*** Input ***

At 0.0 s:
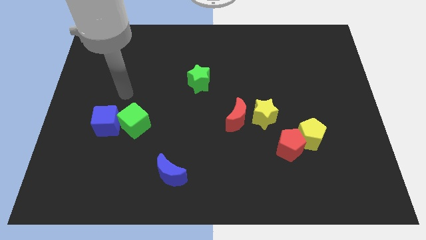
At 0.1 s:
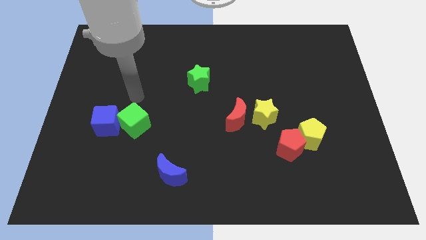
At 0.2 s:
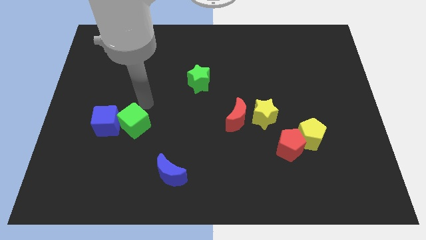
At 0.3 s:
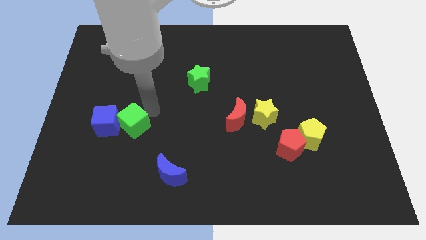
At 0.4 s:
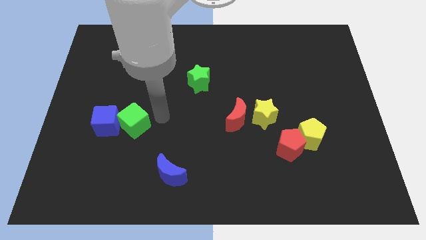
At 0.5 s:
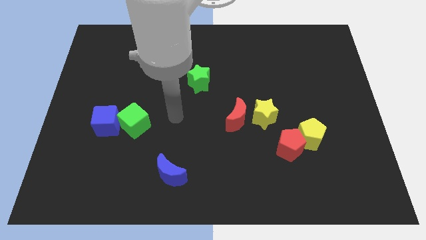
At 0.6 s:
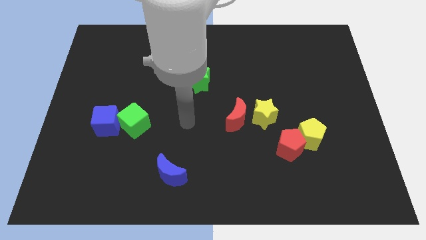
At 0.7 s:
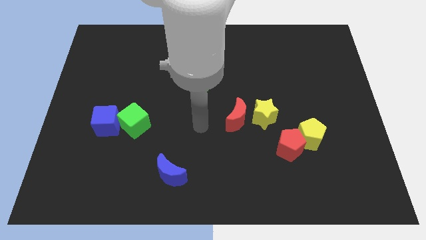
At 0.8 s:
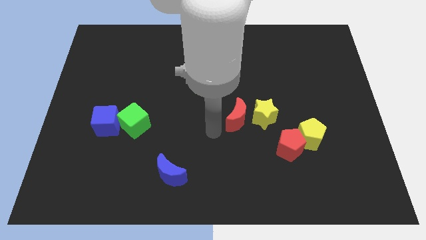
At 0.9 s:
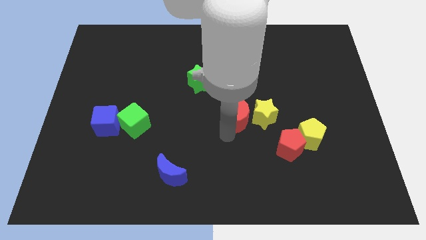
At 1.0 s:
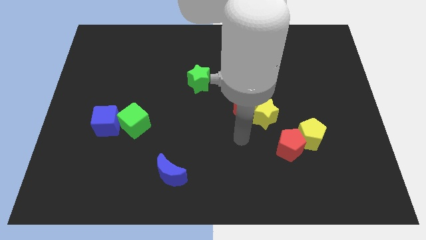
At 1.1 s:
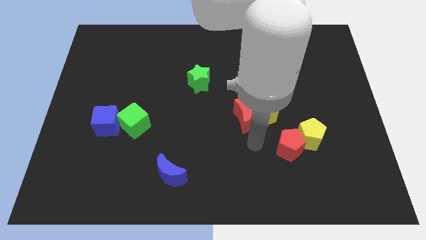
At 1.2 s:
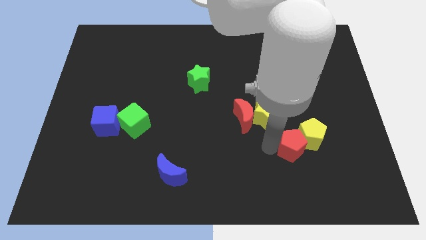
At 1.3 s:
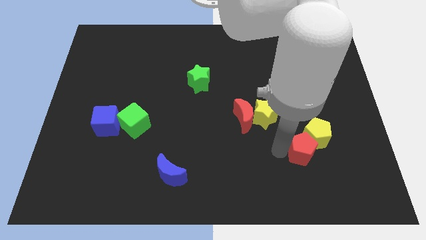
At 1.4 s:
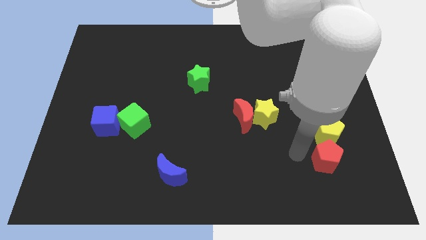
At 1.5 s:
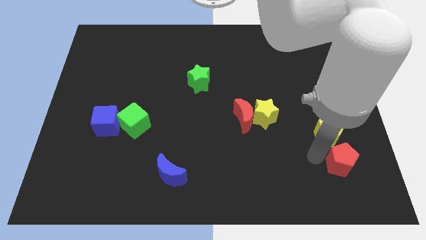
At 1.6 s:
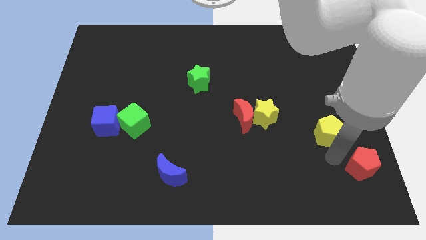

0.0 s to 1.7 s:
pull the yellow pentagon apart from the red pentagon

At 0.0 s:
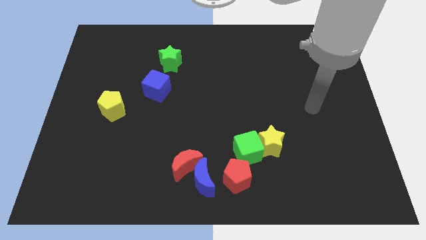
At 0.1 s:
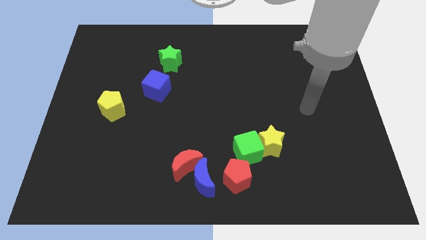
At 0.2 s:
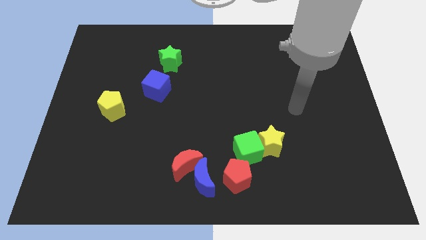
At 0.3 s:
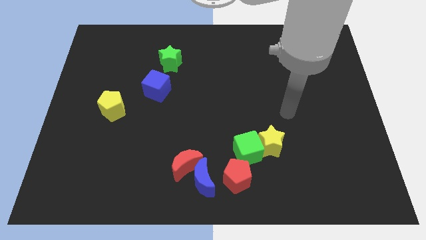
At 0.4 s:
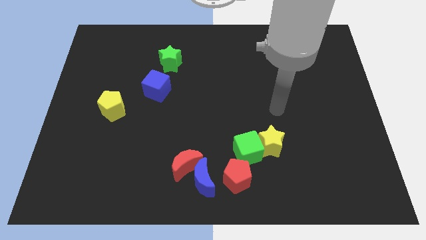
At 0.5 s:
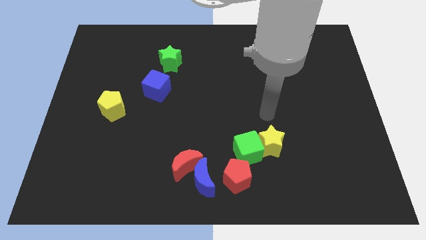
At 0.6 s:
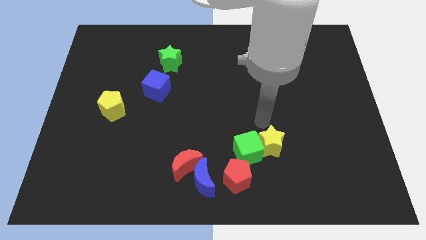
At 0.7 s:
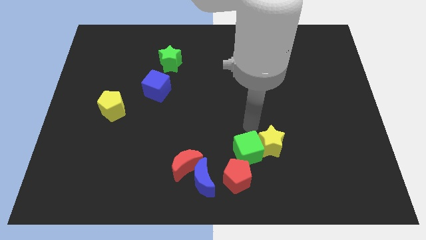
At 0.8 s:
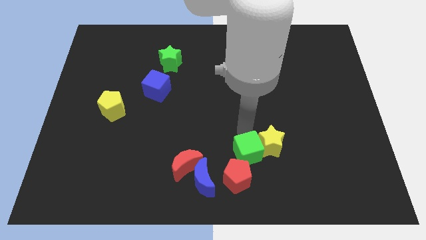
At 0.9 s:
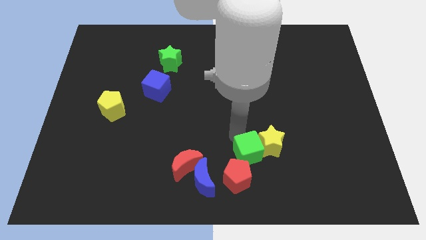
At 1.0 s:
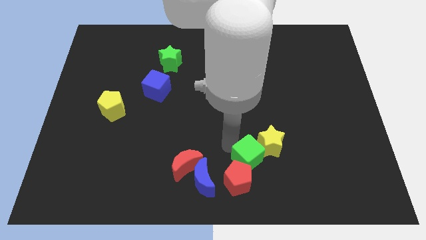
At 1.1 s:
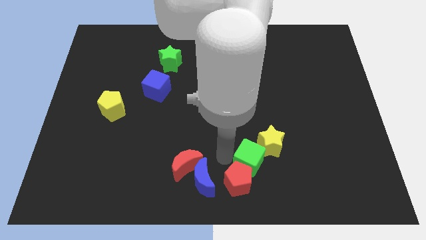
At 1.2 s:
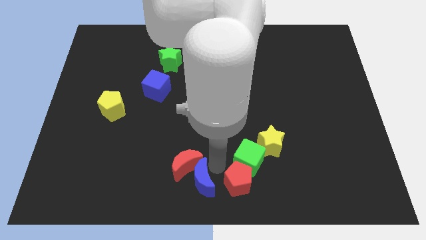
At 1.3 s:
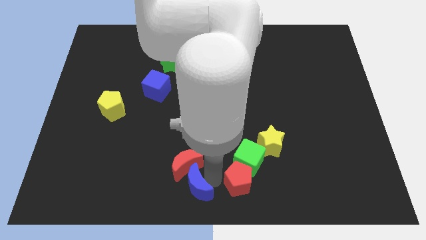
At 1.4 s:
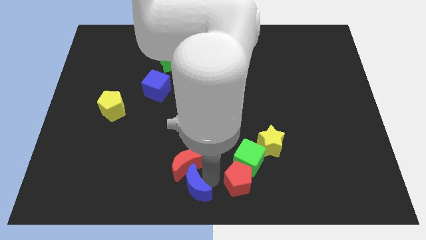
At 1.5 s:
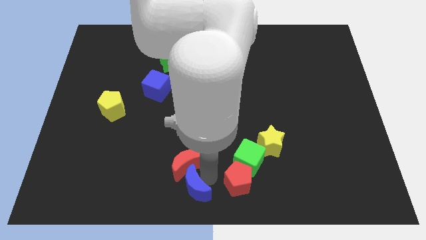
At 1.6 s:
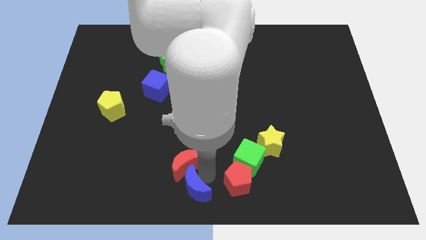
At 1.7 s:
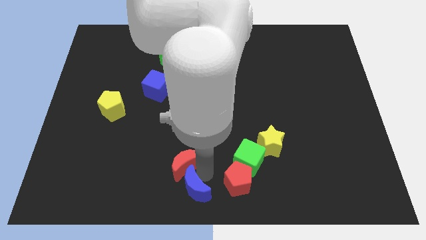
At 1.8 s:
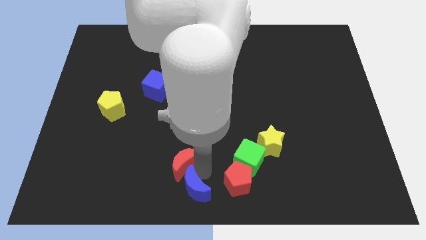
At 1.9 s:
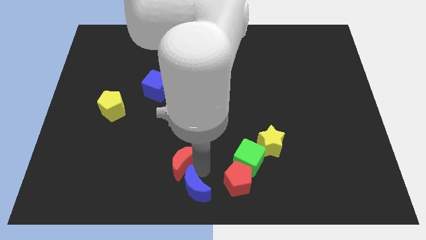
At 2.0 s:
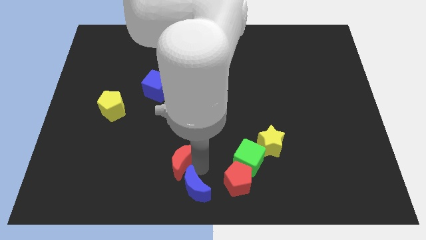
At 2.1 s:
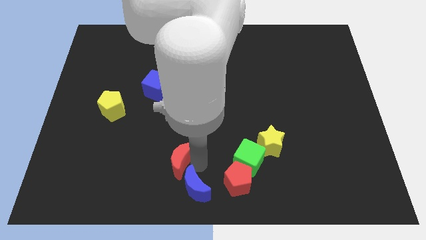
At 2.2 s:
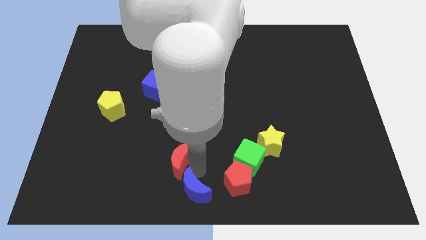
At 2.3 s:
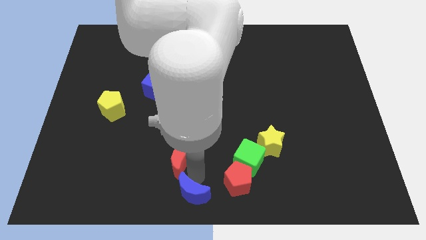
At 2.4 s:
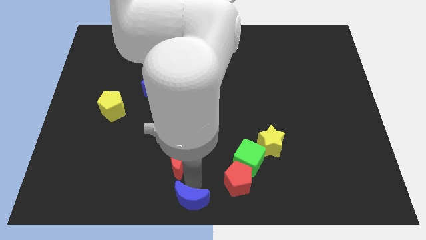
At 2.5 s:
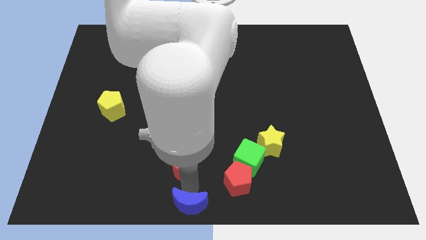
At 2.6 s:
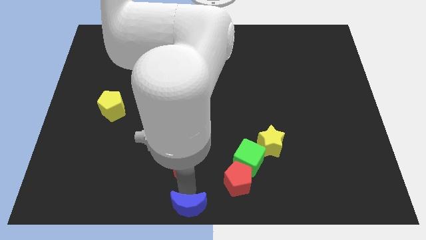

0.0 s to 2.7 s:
move the red moon away from the blue moon

*** End of Input ***

Assignment ->
Please reproduce every record exactly as written, excluding the pictures.

Exercise answer ->
At 0.0 s:
At 0.1 s:
At 0.2 s:
At 0.3 s:
At 0.4 s:
At 0.5 s:
At 0.6 s:
At 0.7 s:
At 0.8 s:
At 0.9 s:
At 1.0 s:
At 1.1 s:
At 1.2 s:
At 1.3 s:
At 1.4 s:
At 1.5 s:
At 1.6 s:

0.0 s to 1.7 s:
pull the yellow pentagon apart from the red pentagon

At 0.0 s:
At 0.1 s:
At 0.2 s:
At 0.3 s:
At 0.4 s:
At 0.5 s:
At 0.6 s:
At 0.7 s:
At 0.8 s:
At 0.9 s:
At 1.0 s:
At 1.1 s:
At 1.2 s:
At 1.3 s:
At 1.4 s:
At 1.5 s:
At 1.6 s:
At 1.7 s:
At 1.8 s:
At 1.9 s:
At 2.0 s:
At 2.1 s:
At 2.2 s:
At 2.3 s:
At 2.4 s:
At 2.5 s:
At 2.6 s:

0.0 s to 2.7 s:
move the red moon away from the blue moon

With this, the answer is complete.